[Stored data entries]

BEGIN

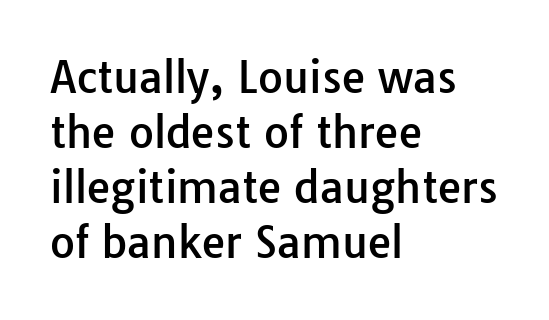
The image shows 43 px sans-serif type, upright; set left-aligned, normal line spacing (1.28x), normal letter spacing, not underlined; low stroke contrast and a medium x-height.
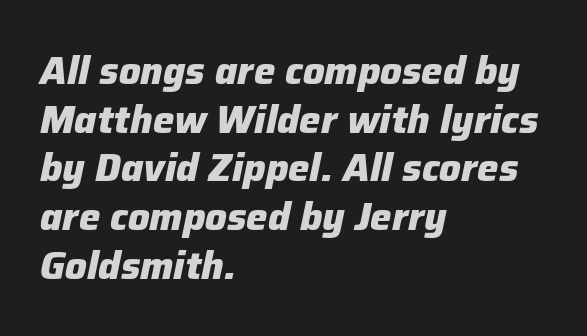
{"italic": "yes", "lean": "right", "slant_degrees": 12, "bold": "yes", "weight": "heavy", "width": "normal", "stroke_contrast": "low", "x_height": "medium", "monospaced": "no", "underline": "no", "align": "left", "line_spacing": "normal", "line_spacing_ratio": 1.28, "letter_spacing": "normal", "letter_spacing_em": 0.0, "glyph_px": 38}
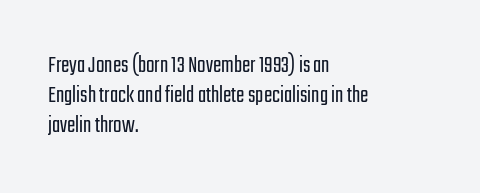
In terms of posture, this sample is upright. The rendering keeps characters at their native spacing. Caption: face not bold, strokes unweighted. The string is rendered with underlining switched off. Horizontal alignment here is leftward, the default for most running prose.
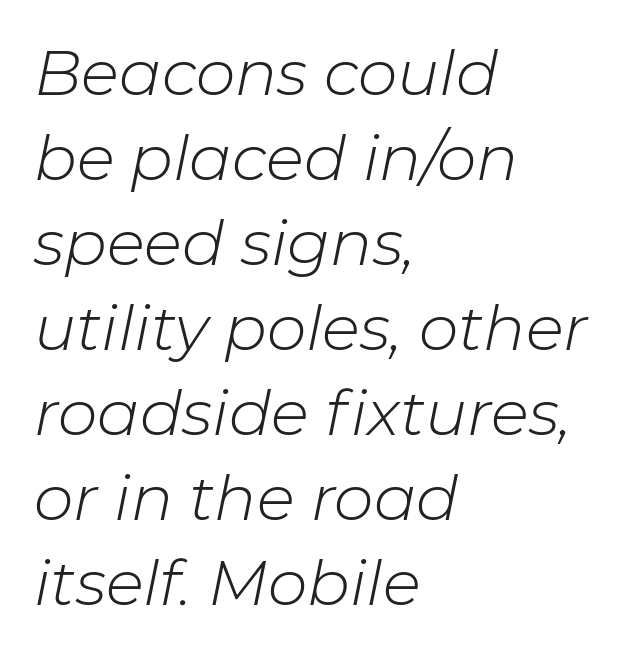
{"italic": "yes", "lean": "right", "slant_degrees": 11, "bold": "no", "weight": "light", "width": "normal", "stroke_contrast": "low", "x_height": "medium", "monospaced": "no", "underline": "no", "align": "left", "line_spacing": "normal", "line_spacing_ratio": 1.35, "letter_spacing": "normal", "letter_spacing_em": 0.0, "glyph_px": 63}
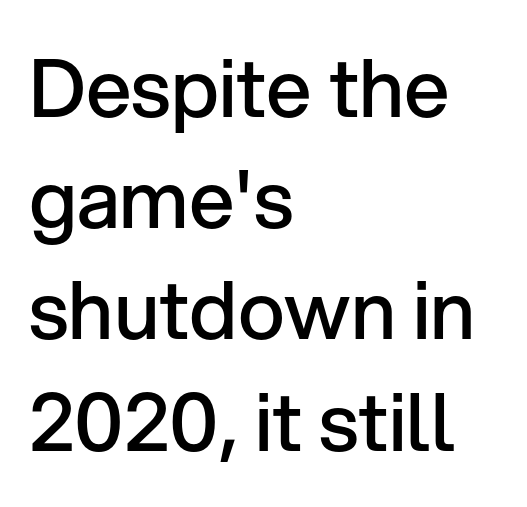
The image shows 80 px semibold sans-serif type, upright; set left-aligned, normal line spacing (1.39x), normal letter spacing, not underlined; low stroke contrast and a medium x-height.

END
BEGIN

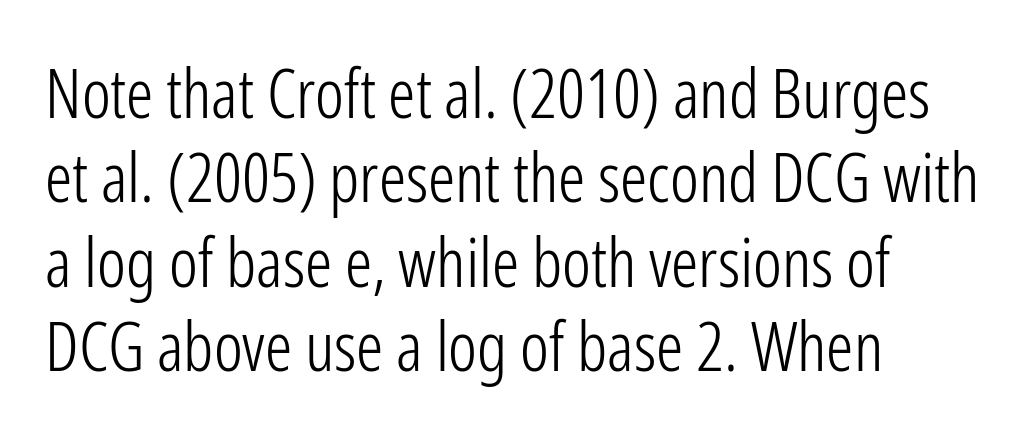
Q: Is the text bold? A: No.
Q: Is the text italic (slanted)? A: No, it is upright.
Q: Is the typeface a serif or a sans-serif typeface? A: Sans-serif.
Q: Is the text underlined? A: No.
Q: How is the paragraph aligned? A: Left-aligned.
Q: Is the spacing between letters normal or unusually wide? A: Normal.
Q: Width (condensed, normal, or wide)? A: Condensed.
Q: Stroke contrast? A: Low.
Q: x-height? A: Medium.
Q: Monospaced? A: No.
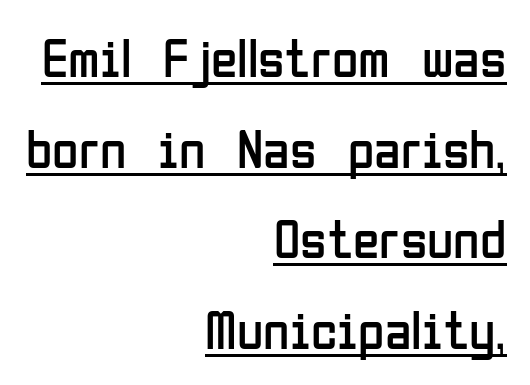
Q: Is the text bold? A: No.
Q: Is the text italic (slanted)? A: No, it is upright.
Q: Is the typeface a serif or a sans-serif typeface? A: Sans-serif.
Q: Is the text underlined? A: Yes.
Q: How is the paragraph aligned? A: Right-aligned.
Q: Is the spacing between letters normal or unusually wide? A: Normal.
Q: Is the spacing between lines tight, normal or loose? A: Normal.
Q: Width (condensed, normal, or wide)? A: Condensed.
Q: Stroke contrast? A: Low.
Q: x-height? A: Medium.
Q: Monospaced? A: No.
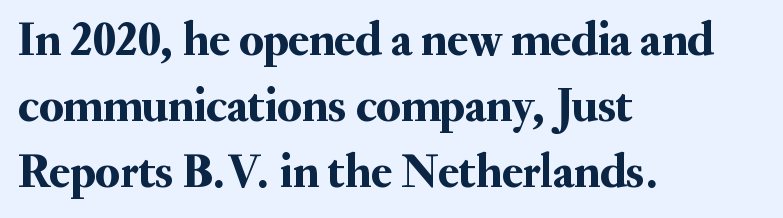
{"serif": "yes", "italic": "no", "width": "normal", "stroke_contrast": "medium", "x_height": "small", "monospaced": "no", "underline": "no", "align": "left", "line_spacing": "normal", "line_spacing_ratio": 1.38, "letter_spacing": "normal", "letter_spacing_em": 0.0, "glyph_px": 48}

END

Exercise requirements: Total the lines in the records above that contain the string "underlined". Write only that total.

Solution for this problem: 4